Raw ME Exercise Rotation

[quote]animus wrote:

[quote]kyushomaster wrote:

[quote]animus wrote:
How long for each?

For a raw lifter, you should be doing the strict lifts as often as possible. Variations are best reserved for assistance work. That said, the occasional ME mesocycle with a variation won’t hurt.[/quote]
I run through each onece for 3 rep max, deload for a week, and then run the lifts again working for a 1 rep max[/quote]

Wait, your set up is:

Week 1: 3RM
Week 2: Deload
Week 3: 1RM
Week 4: Deload ???

…that’s terribly inefficient. And you shouldn’t be going for new 1RM PRs each meso.

And I still don’t know how long you run each variation.[/quote]

No it isn’t. There are guys that train at westside that do something very similar.

[quote]frankjl wrote:

[quote]animus wrote:
Remember that Westside was designed for equipped lifters (and looks like he’s doing Westside). I’m not saying that it won’t work (although I’d keep lifts in rotation for longer than a week as a raw lifter), but raw lifting requires more practice on the competition lifts.

Think of it this way… On the competition lifts, you are training the skill. Your accessory work is what builds the lift / gets you to lift more. Either alone will not be enough. ME variants are useful at times, but if you’re only doing the strict lift 25% of the year and compete raw where the variants have significantly less carry-over than to the equipped lifts, then chances are you will be ill-prepared for the meet.[/quote]

In the beginning, gear wasn’t as extreme as it was now. It was like a tight pair of sweat pants. I don’t know if you’ve ever seen an Inzer Z Suit, but lifters would literally never train in them and just throw them on at the meet and get 60-100 lbs out of that and their knee wraps. The old Inzer blast shirts were closed back. It might take 20 minutes to get one on and you might get 15 pounds out of it. There wasn’t really a ‘groove’ to the shirt, so nobody bothered to train in them.

This was the context in which the West Side method was created. While gear had been invented, it was very much an after thought. I don’t understand why people think the West Side method was invented for equipped lifters? Raw or equipped, the principles are the exact same. Your exercise selection may (and should) differ, but the principle of conjugated periodization still exists. Max effort, dynamic effort and repeated effort, waves, switching up ME movements, etc, etc. The West Side method threads on this forum are gold.

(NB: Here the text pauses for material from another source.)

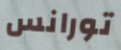
تورانس
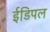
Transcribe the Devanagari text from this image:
ईडिपल

I very much disagree that raw lifting requires more practice. But regardless, in the West Side method that’s one of the reasons for the DE work. However, I will say that one thing I wish I had done more when I was training for raw meets was actually do the competition lifts every now and then. If I had it to do again, I would just work up to a heavy single or double on DE day every 2-3 weeks if I were feeling good that day. This is especially important for those who haven’t figured out correlations between their ME lifts and their competition lifts.

[/quote]

Westside was not developed for equipped lifters, that is a false statement.

The competition bench movement gets trained every week on DE day. Do 12-15 sets of 3 reps moving that bar as fast as you fucking can and that 50% starts getting really heavy. Then as Frankjl had stated, every couple of weeks, work up to a heavy double, maybe even a single. The conjugate system is a pretty damn good system, I honestly dont know why people are constantly saying, “it doesnt work for raw lifters”

What about Anderson squats for a ME lower movement? No specialty bars or equipment needed. Just a rack and some pins.

[quote]vdizenzo wrote:

GReat question, as I become more advanced.[/quote]

With that being said, do you believe it is better for most newer/intermediate lifters (say, anybody totaling below Master) to emphasize the competition lifts more than an advanced lifter would?

EDIT: I really wish this forum had a multiquote function.

[quote]Chicksan wrote:

I honestly dont know why people are constantly saying, “it doesnt work for raw lifters” [/quote]

I think this has to do with people blindly taking the methods that advanced equipped lifters use and trying to apply it to their more intermediate, raw training needs. The basic concepts are the same, but that does not mean you can just do what they did. It would be like a natural bodybuilder doing the exact same shit that Ronnie Coleman did; the lifter MUST be able to read between the lines, understand the basic concepts, and apply said concepts to THEIR OWN training.